I have been running some very long loops (millions of iterations) where , in each iteration, I call a few CUDA kernels via feval using pre-allocated arrays of fixed size. I noticed that the host memory grows linearly with the number of iterations and in the end matlab crashes. While I was trying to isolate the problem I found out the following: - Using feval to call a CUDA kernel , you have to have all the arguments of the function already cast as gpuArray's, even if you pass scalar variables. This also applies to functions like gpuArray.rand or randn:
n = 1e4;
for i = 1:1e6
out = gpuArray.rand(n,1,'single');
The above code causes the host memory to grow for the duration of the execution (about 100Mb per 250K iterations) If instead of n=1e4; you write n=gpuArray(1e4); the subsequent loop does not cause the memory to grow. I also found out the the above loop executes much faster when n is in the host memory vs. when n is a gpuArray (about 3 times faster).

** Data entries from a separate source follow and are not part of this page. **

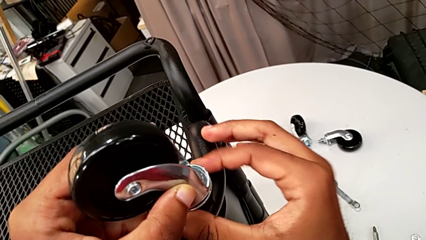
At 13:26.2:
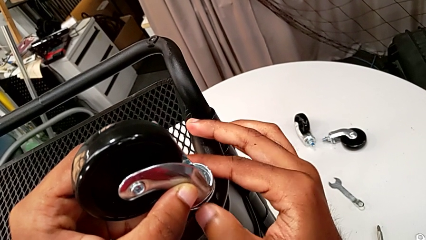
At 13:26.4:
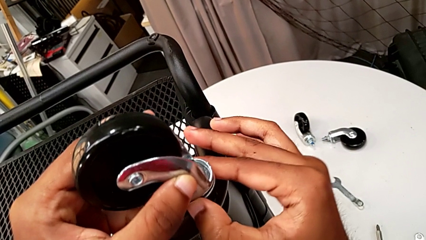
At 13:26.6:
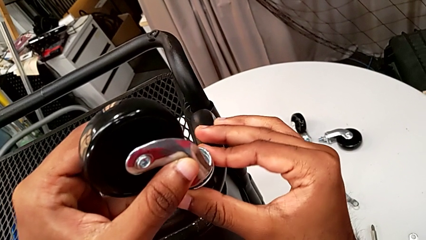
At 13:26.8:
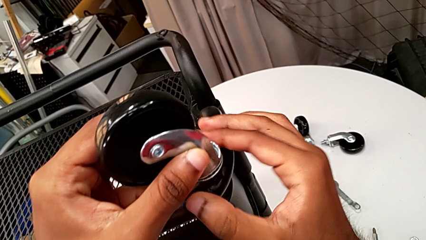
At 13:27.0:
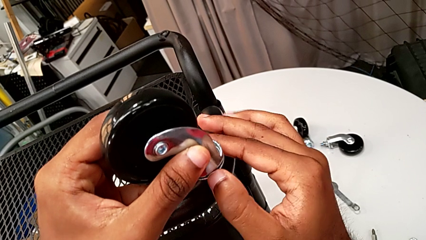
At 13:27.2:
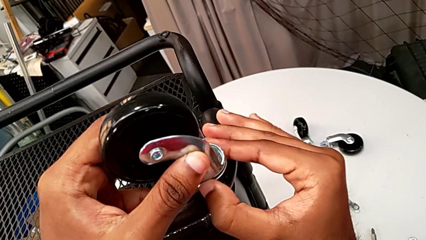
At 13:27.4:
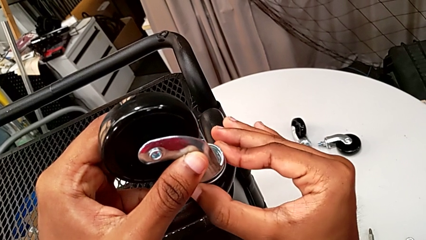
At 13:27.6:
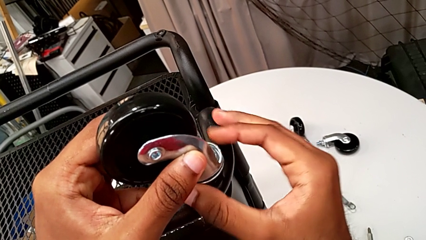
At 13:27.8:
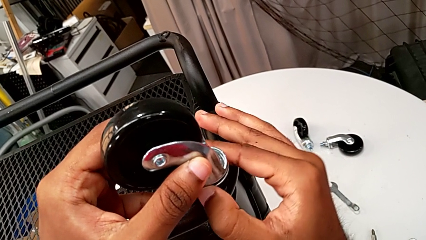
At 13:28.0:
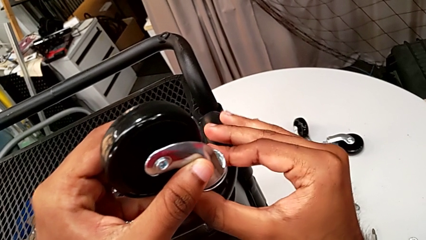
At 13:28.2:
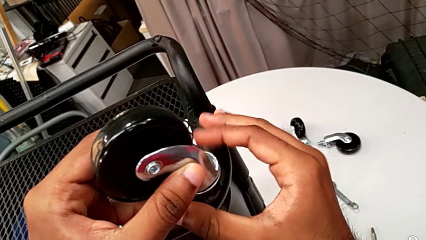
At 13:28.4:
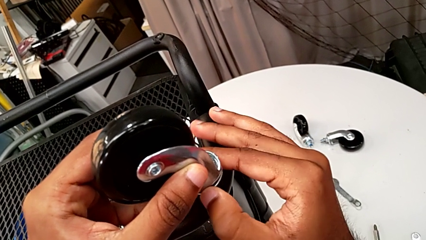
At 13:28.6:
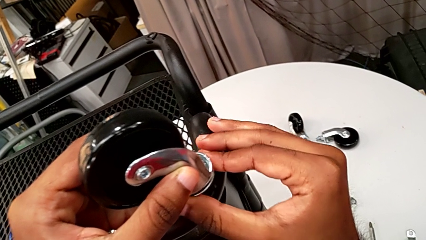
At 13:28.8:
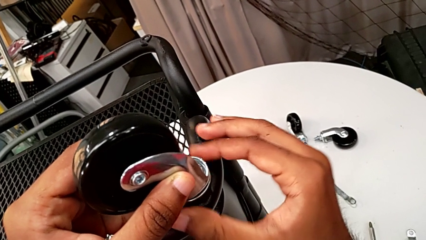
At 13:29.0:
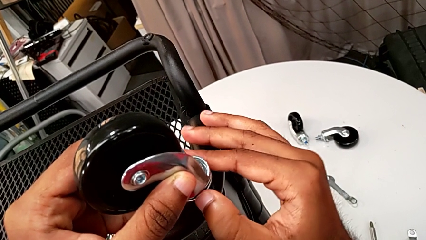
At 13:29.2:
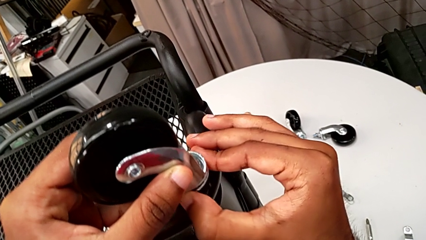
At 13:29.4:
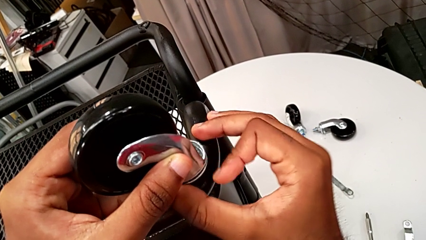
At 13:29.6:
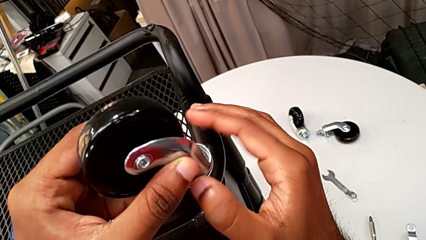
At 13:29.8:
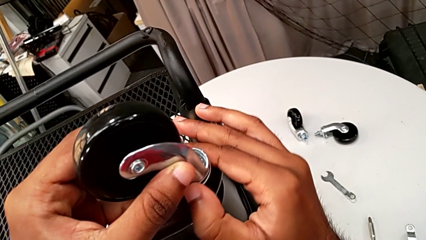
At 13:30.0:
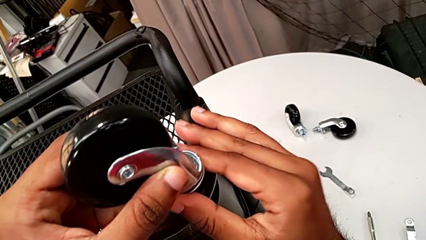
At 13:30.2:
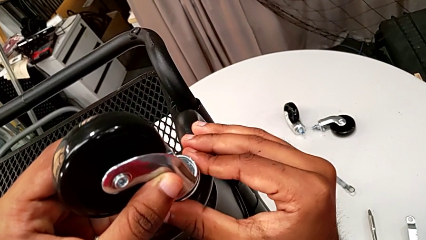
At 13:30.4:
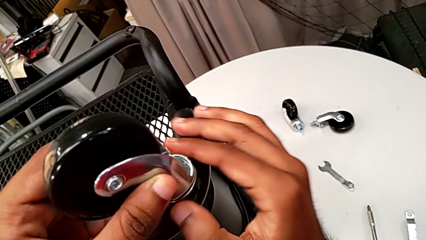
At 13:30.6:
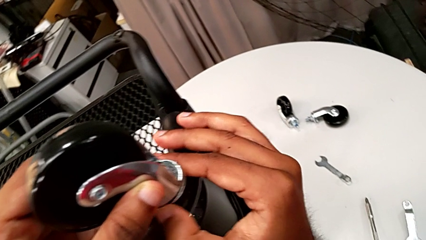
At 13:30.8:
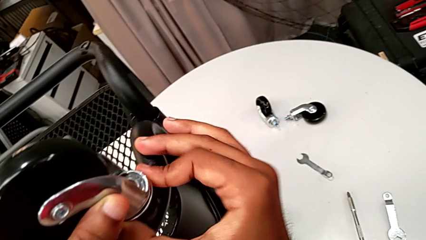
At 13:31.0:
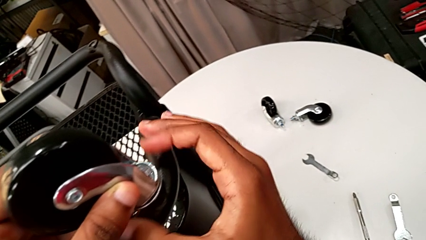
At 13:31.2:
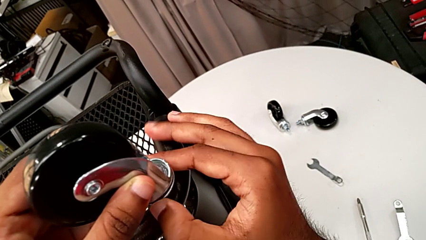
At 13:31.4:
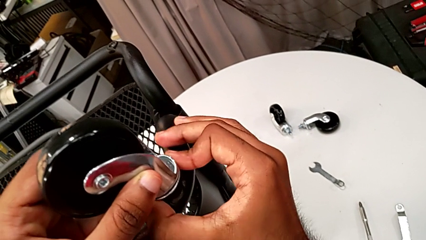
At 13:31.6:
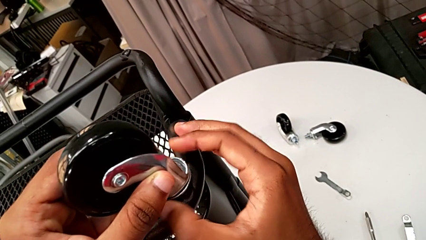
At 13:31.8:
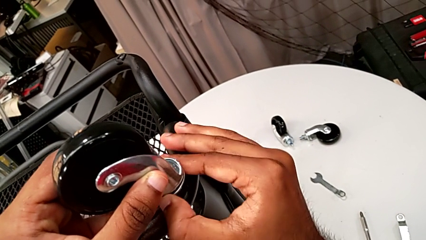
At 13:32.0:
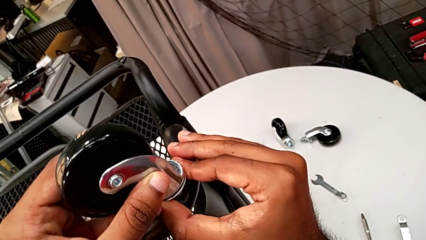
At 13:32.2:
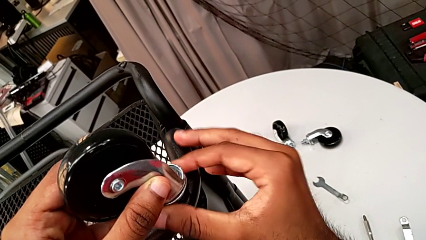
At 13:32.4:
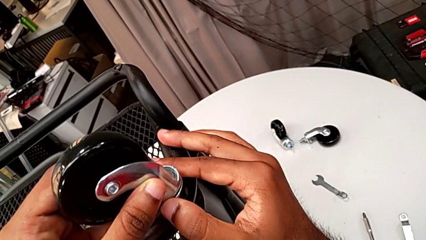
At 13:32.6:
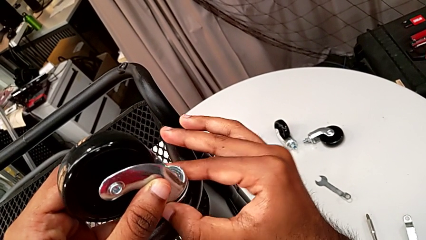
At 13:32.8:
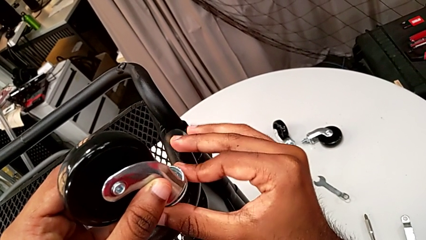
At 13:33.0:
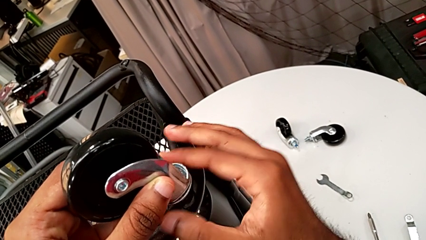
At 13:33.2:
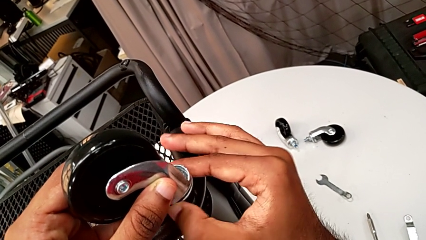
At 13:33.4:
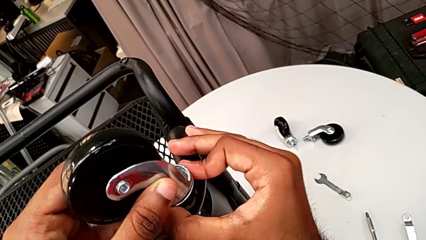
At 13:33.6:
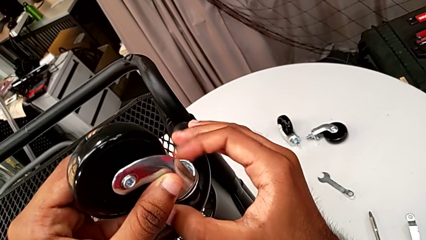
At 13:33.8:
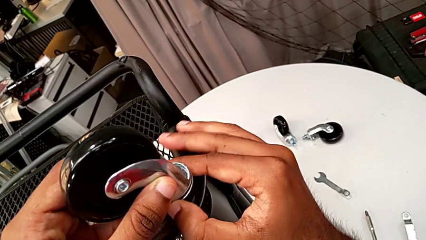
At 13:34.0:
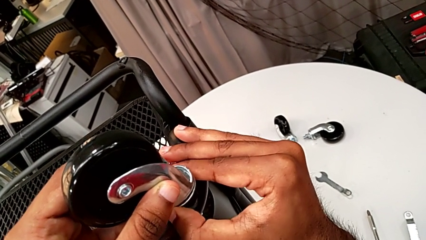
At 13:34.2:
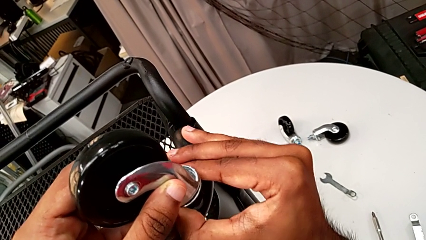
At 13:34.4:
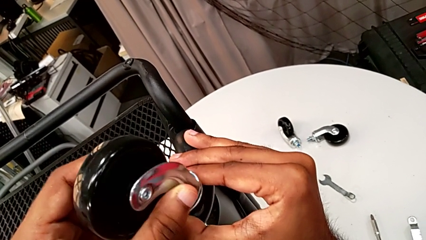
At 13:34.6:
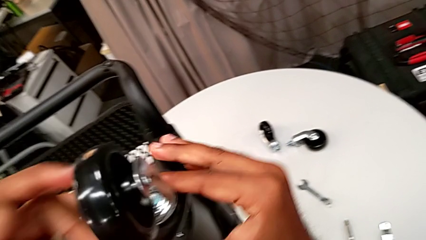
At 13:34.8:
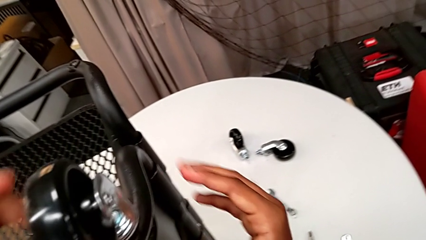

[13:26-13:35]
The camera wearer is assembling on the second wheel of the rolling cart. They keep screwing the second wheel.

-Even more puzzling is the following example:
x = gpuArray.rand(1e4,1,'single');
for i = 1:1e6
out = sqrt(x);
The above loop does not cause MATLAB's memory footprint to grow. However, if we change sqrt(x) with sqrt(1./x) then we get the memory blowup again. I am using MATLAB 2013a 64-bit on windows 7 professional. My video card is a gtx 650 2gb. Thanks in advance for any insights.